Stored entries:
----
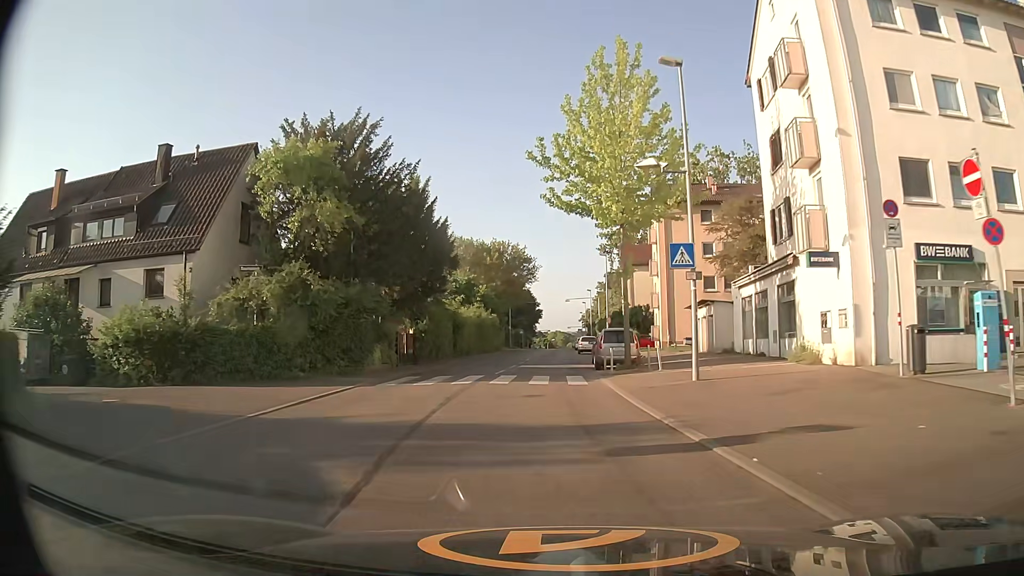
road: tertiary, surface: asphalt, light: Day
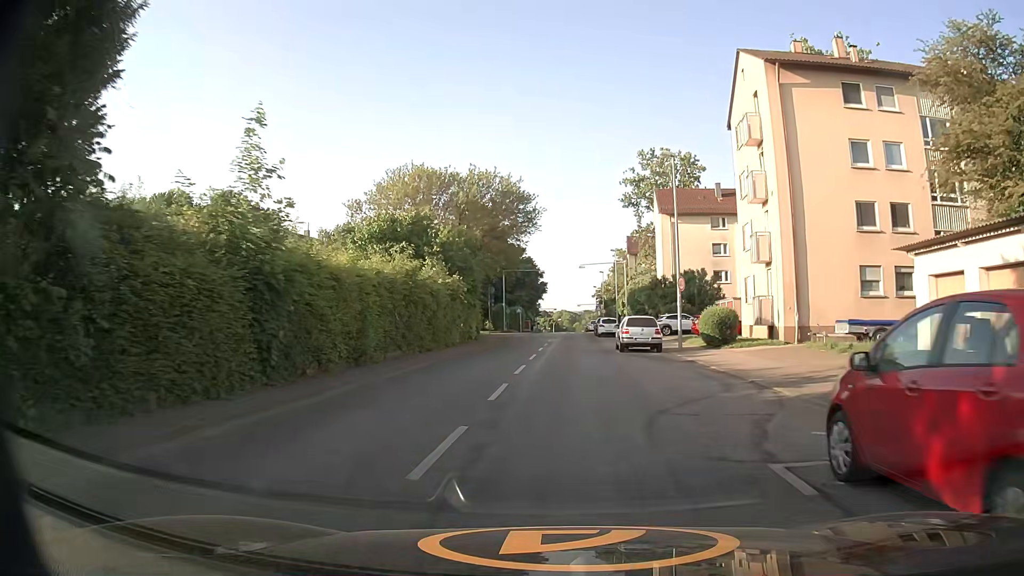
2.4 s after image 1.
(-0.4, +27.8) m; 0°
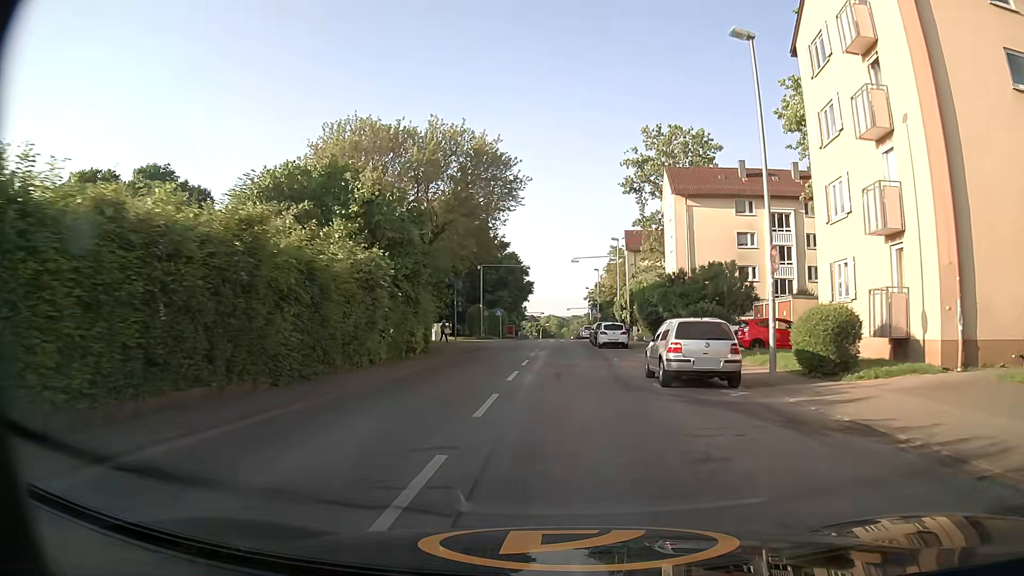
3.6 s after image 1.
(+0.1, +12.9) m; +1°
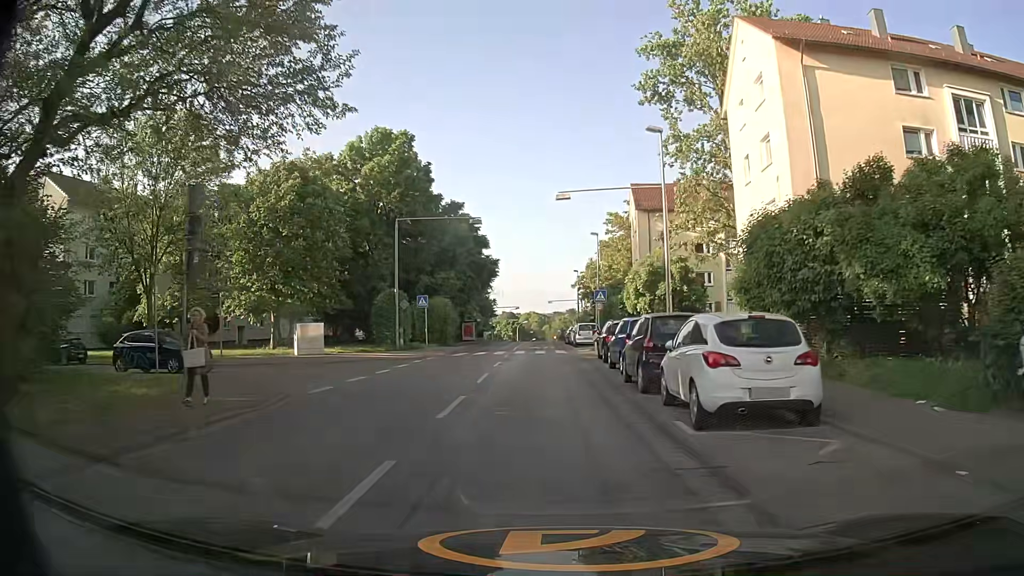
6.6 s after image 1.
(+0.4, +30.0) m; +1°
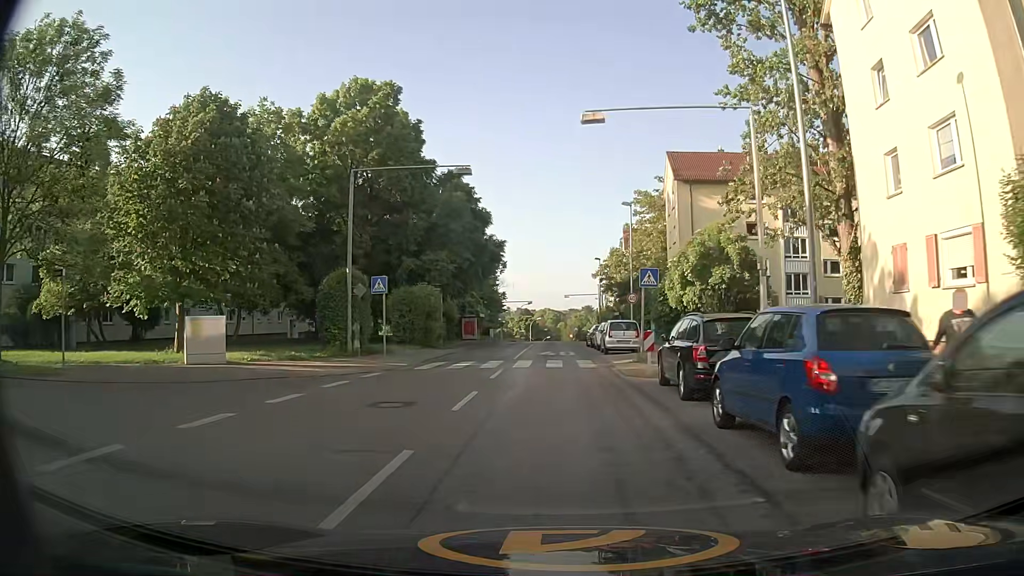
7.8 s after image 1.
(-0.2, +11.9) m; -2°
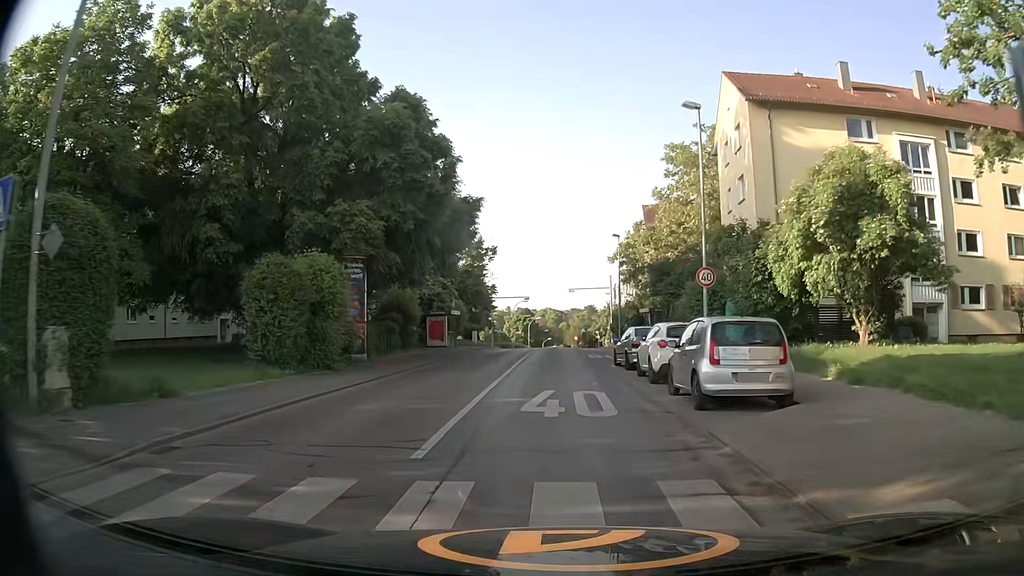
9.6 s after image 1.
(+0.2, +18.3) m; 0°
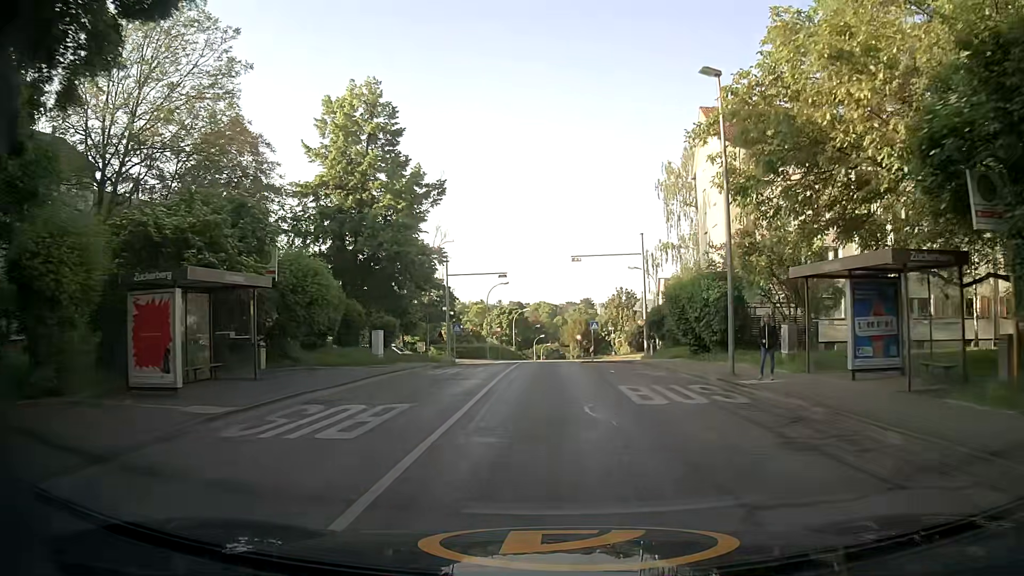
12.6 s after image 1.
(+0.3, +32.1) m; +1°
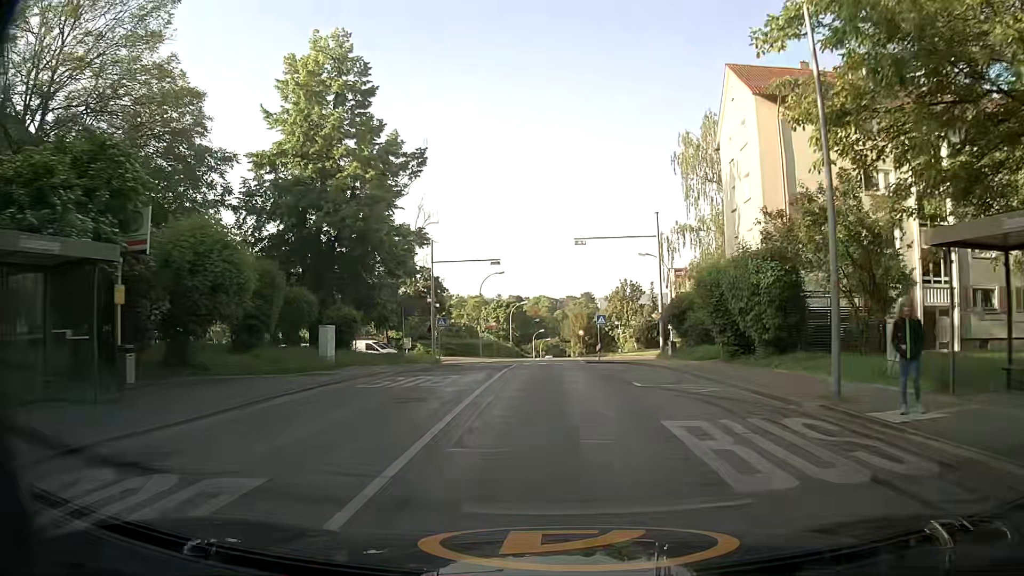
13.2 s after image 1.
(0.0, +6.6) m; -1°
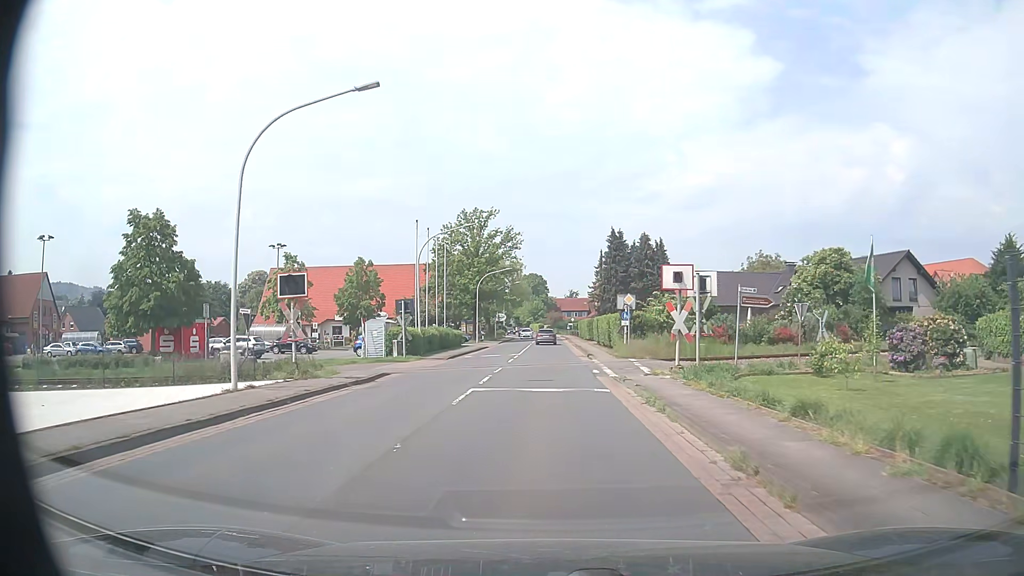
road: primary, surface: asphalt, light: Day
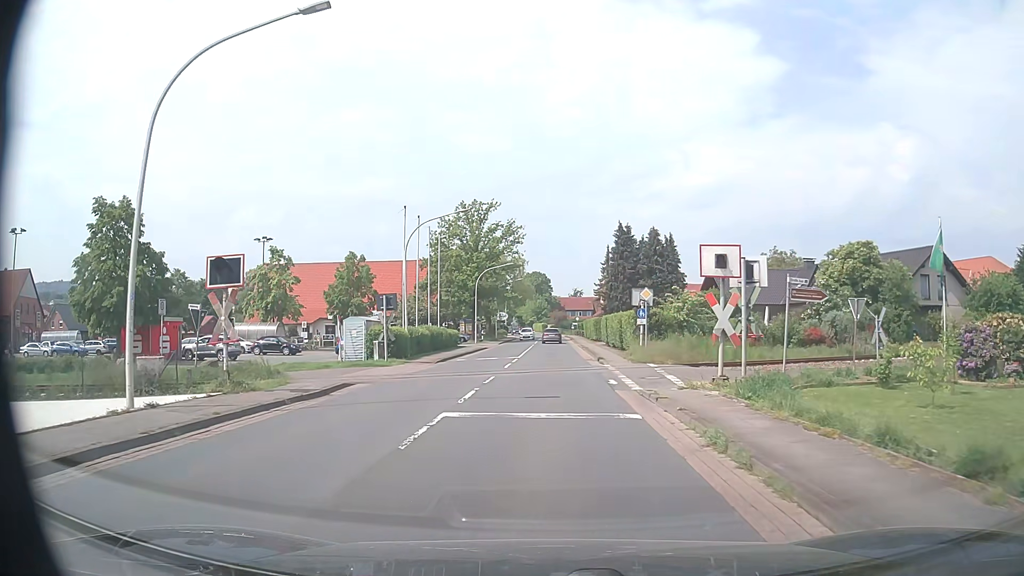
(0.0, +4.5) m; 0°
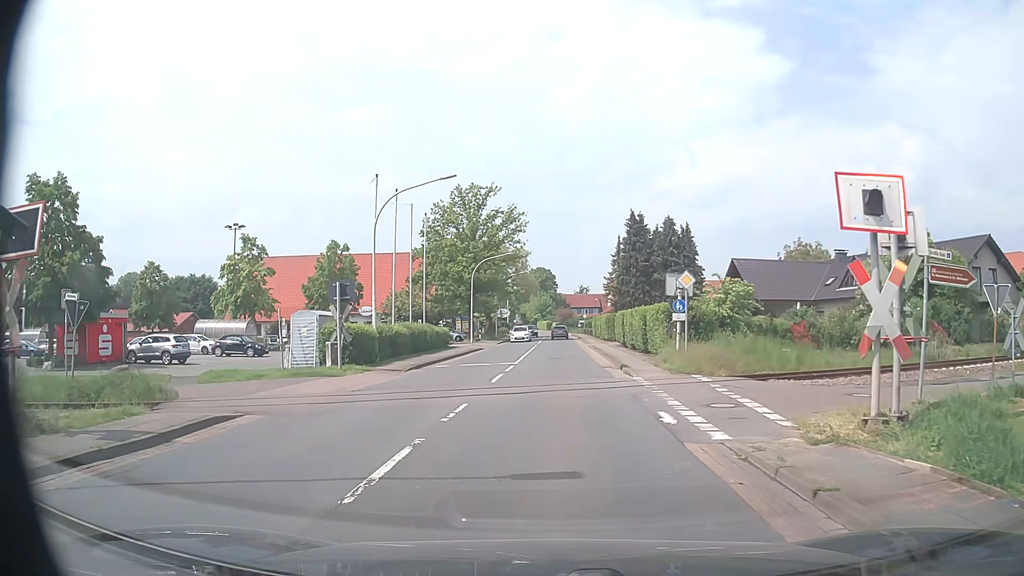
----
TASK TO CARRY OUT: Please copy the data above word for word, but only from the line that contains "6.6 s after image 1." through the final line, both included, and without the pictures.

EXPECTED ANSWER:
6.6 s after image 1.
(+0.4, +30.0) m; +1°
7.8 s after image 1.
(-0.2, +11.9) m; -2°
9.6 s after image 1.
(+0.2, +18.3) m; 0°
12.6 s after image 1.
(+0.3, +32.1) m; +1°
13.2 s after image 1.
(0.0, +6.6) m; -1°
road: primary, surface: asphalt, light: Day
(0.0, +4.5) m; 0°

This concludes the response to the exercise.